(DATASET ENTRIES):
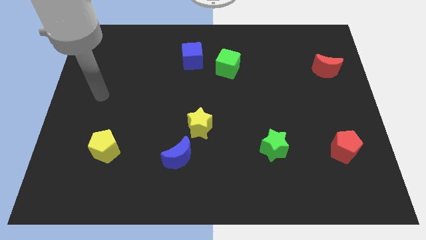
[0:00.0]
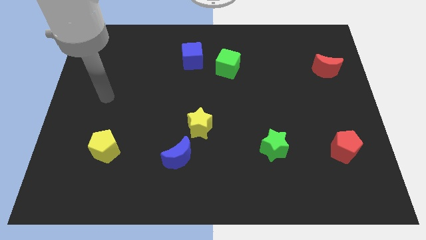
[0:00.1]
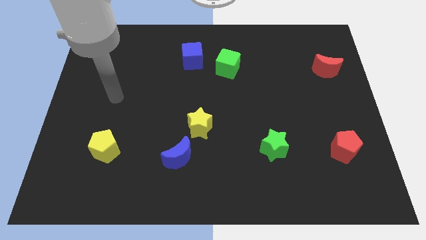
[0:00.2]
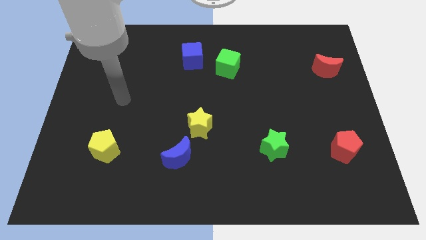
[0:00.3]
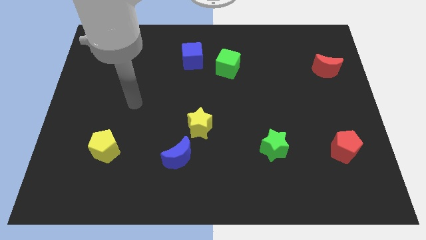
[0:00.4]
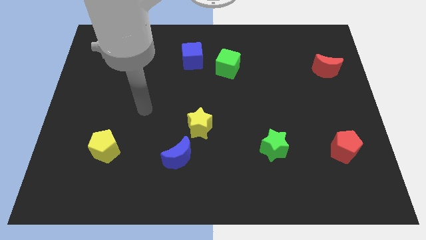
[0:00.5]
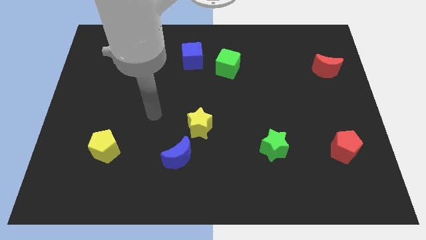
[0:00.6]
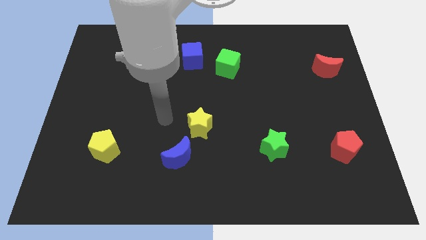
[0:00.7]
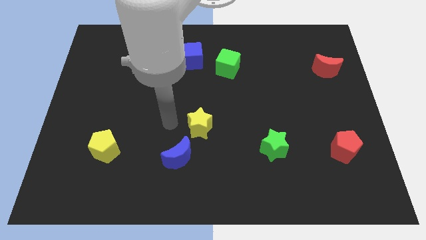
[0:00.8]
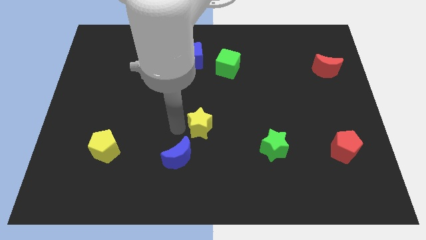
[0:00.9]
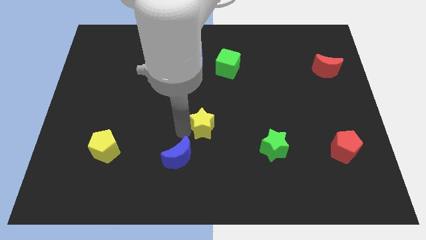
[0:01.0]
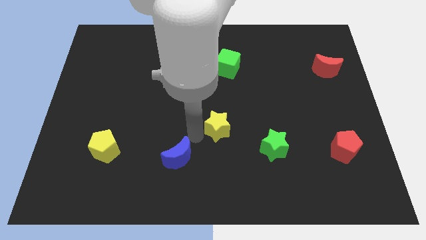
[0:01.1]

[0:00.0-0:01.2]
separate the blue moon from the yellow star

(DIRECTIONS):
Pictures are to be left out; repeat all the remaining data exactly.

(OUTPUT OF THE TASK):
[0:00.0]
[0:00.1]
[0:00.2]
[0:00.3]
[0:00.4]
[0:00.5]
[0:00.6]
[0:00.7]
[0:00.8]
[0:00.9]
[0:01.0]
[0:01.1]

[0:00.0-0:01.2]
separate the blue moon from the yellow star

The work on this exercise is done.